■ **MATERIAL PROVIDED**
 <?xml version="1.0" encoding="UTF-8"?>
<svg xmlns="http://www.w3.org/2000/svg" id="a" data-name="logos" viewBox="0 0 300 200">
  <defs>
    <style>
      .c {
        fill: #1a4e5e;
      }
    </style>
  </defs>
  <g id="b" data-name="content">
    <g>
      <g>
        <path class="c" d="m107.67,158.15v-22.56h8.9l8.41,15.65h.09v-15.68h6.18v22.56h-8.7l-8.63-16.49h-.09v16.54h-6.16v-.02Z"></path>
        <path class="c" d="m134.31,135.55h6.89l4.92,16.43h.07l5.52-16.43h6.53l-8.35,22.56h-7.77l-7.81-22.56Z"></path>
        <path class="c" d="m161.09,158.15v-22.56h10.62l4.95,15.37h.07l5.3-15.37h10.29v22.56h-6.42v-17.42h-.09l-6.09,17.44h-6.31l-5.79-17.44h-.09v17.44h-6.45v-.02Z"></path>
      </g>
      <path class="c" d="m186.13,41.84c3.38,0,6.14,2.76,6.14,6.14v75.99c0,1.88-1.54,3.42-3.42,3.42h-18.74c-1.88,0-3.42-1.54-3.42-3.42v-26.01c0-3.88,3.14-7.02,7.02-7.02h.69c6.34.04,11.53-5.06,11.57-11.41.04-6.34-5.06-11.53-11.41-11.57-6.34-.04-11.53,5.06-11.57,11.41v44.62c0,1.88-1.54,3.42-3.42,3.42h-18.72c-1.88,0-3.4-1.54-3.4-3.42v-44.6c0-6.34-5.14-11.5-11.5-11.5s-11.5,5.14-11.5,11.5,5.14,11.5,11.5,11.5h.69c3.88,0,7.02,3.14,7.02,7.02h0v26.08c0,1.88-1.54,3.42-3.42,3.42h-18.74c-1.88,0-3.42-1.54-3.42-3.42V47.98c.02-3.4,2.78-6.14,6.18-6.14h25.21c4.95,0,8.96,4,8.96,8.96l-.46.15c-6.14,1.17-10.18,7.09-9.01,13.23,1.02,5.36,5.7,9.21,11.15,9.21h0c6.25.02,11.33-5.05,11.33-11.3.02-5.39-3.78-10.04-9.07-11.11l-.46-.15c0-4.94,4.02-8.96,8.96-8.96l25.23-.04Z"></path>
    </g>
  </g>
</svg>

==

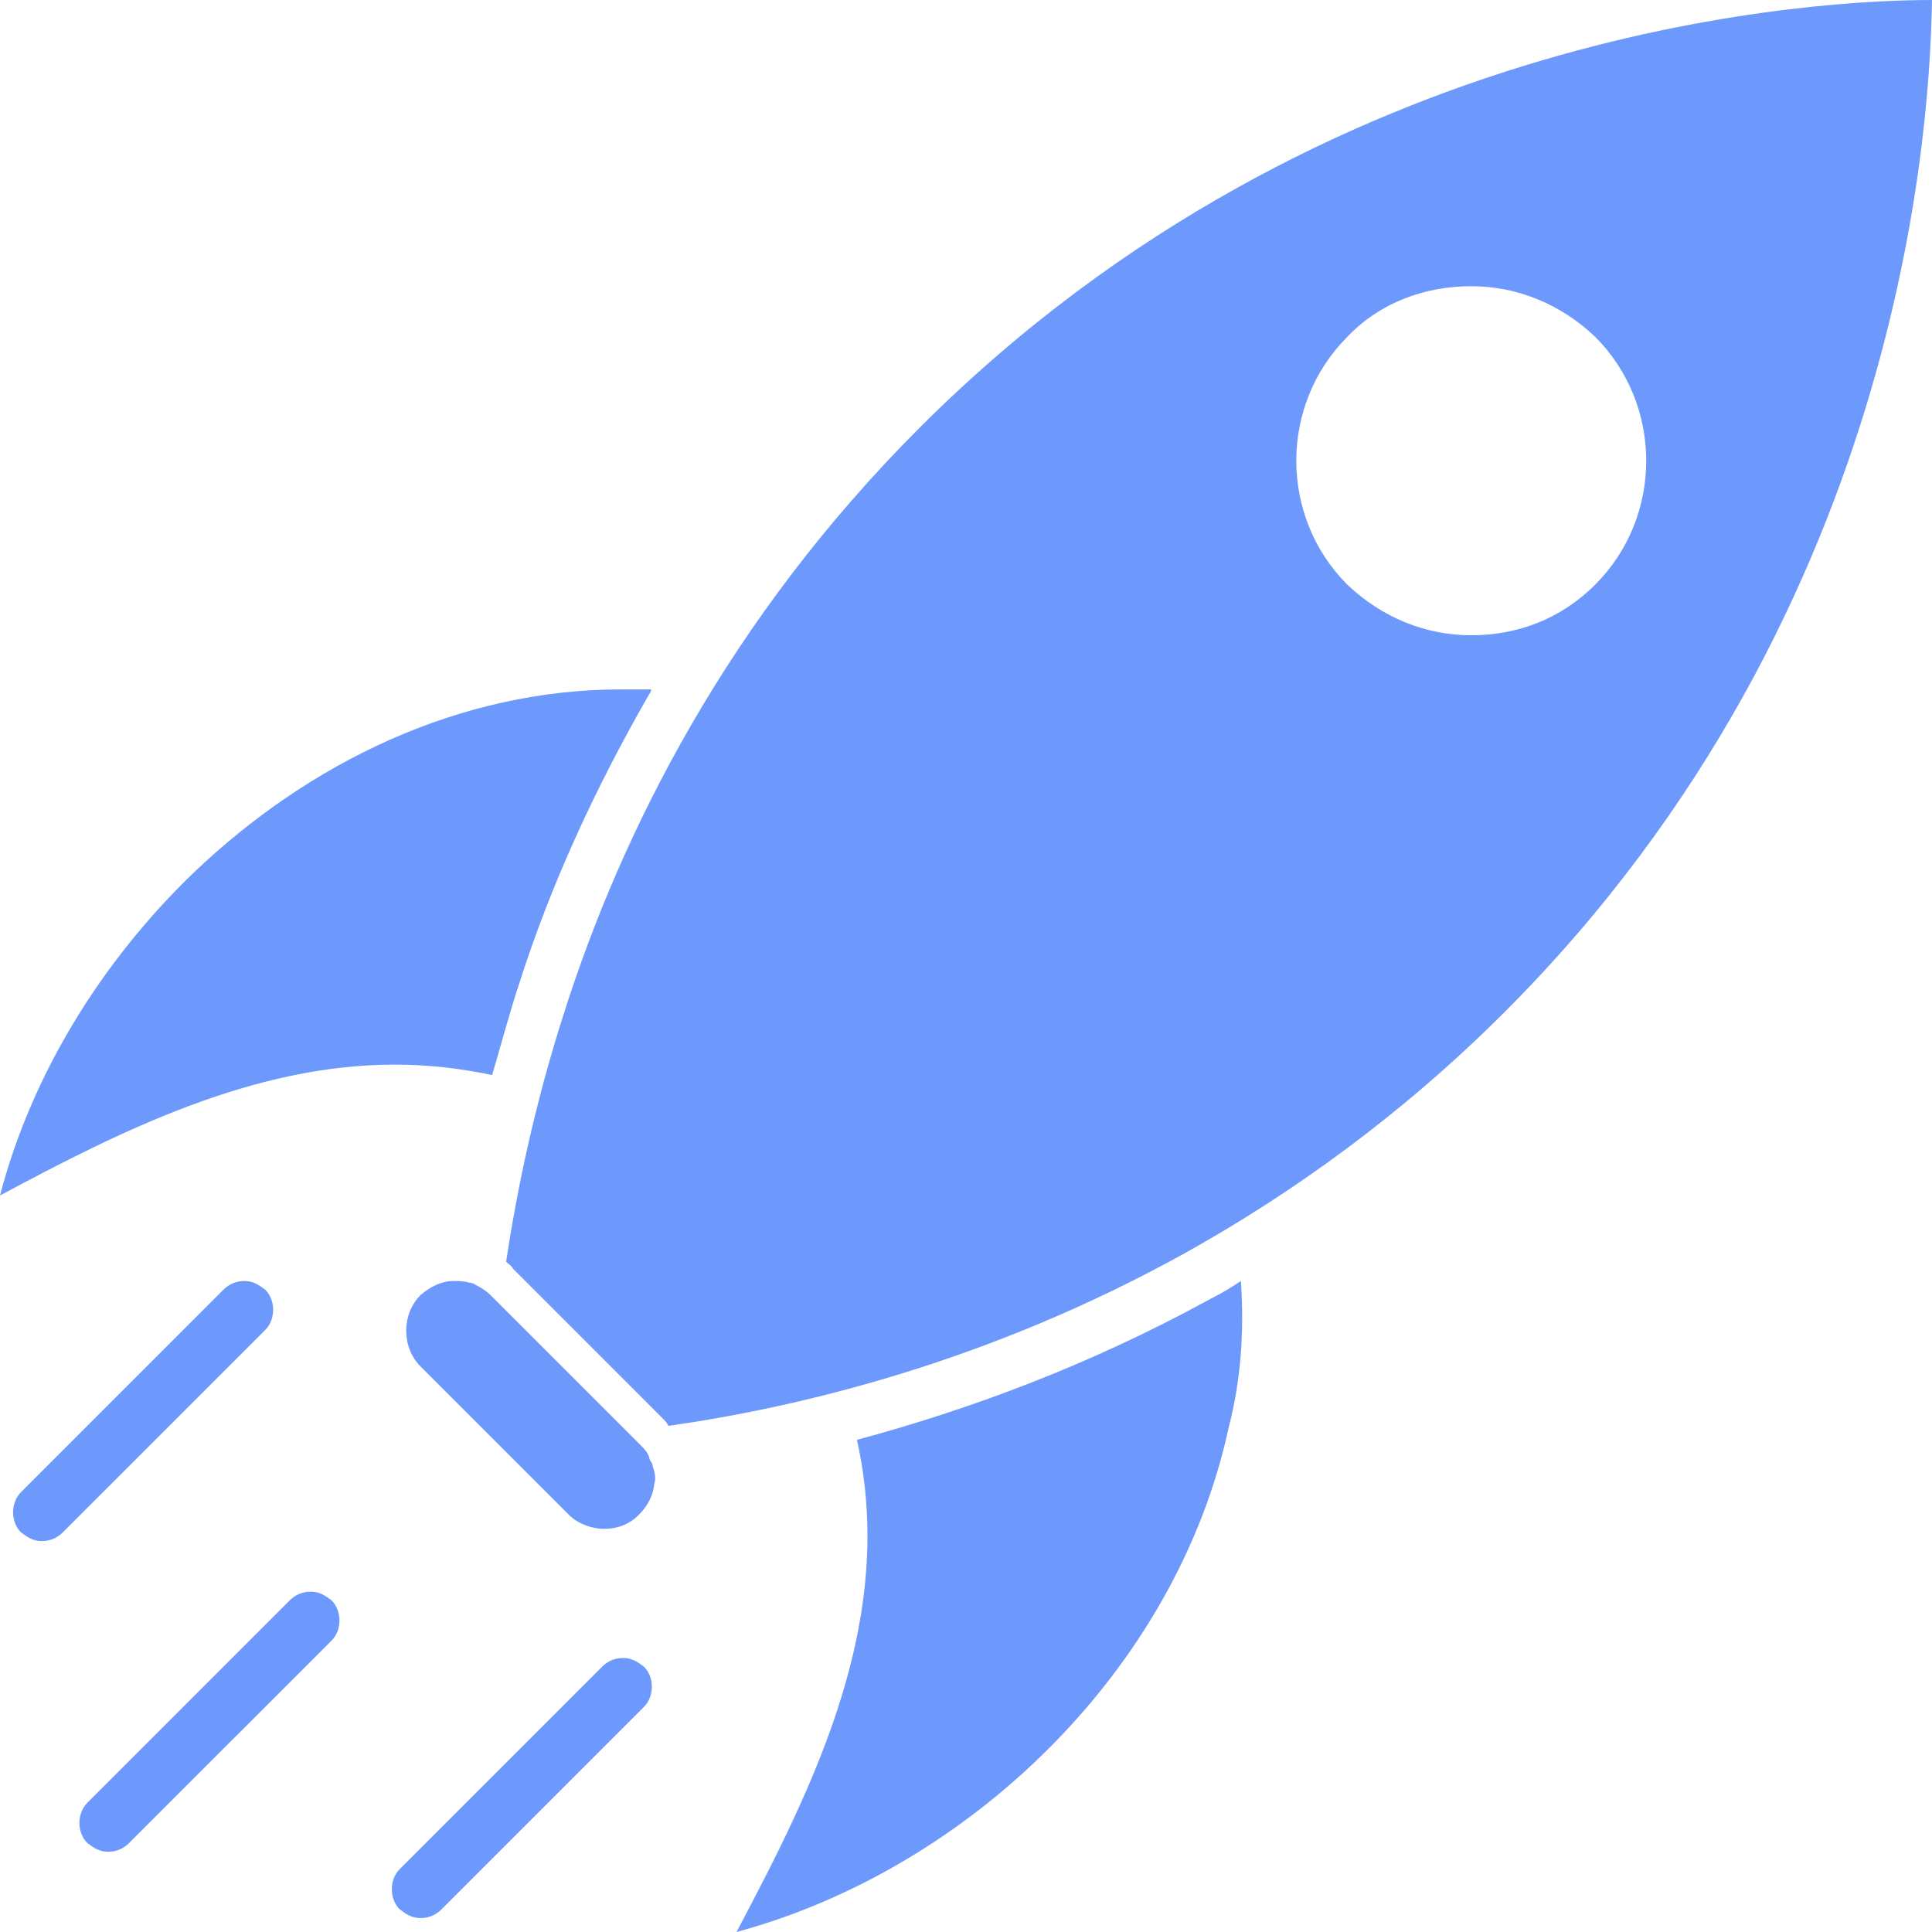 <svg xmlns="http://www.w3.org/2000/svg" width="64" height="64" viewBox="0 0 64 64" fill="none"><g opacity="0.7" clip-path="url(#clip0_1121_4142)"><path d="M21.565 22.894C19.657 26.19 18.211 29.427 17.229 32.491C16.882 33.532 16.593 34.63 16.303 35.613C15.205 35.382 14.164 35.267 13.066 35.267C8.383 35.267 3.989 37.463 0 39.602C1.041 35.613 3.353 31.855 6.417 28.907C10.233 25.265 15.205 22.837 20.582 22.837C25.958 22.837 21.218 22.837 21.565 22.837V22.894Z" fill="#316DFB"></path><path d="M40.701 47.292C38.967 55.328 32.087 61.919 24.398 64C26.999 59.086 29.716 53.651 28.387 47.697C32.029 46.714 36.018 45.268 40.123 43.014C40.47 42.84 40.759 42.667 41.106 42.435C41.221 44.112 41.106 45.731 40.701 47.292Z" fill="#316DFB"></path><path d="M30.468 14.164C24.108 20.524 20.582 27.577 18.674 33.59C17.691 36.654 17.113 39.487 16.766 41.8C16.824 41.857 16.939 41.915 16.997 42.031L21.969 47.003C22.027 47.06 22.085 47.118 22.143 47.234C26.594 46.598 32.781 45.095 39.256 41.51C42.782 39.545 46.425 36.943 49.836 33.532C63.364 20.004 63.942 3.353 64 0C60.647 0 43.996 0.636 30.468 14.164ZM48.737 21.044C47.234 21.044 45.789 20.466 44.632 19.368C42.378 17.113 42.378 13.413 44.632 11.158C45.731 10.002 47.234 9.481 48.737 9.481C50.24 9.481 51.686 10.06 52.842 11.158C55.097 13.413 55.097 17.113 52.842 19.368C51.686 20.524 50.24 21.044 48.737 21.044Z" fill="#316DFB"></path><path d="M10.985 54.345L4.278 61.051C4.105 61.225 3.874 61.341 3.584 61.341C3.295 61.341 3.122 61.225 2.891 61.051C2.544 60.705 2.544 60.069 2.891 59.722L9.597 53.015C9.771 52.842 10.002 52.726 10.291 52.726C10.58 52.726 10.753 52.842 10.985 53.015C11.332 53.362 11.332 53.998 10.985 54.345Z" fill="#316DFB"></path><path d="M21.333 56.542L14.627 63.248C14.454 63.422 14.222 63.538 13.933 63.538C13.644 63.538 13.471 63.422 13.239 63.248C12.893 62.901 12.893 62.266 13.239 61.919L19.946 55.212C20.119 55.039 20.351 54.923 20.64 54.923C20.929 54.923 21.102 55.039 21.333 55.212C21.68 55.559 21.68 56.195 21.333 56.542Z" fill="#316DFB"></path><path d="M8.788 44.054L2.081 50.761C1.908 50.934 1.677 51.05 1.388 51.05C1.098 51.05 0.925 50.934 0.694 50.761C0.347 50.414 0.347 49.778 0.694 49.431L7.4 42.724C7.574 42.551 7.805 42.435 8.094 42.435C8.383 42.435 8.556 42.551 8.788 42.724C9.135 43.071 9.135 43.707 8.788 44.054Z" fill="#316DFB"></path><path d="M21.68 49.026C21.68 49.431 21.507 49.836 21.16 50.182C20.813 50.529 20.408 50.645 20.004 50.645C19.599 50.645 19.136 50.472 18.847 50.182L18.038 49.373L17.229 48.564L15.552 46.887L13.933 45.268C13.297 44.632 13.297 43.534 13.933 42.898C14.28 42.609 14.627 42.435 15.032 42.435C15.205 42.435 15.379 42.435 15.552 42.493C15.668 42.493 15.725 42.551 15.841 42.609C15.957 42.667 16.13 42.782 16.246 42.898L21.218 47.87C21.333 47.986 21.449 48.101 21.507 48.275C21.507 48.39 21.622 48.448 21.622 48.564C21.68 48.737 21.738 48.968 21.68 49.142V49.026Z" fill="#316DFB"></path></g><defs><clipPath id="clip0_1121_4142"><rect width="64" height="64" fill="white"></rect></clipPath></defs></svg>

■ **TASK TO COMPLETE**
When a line above includes the word "name", please list that line.

■ **ANSWER**
<svg xmlns="http://www.w3.org/2000/svg" id="a" data-name="logos" viewBox="0 0 300 200">
  <g id="b" data-name="content">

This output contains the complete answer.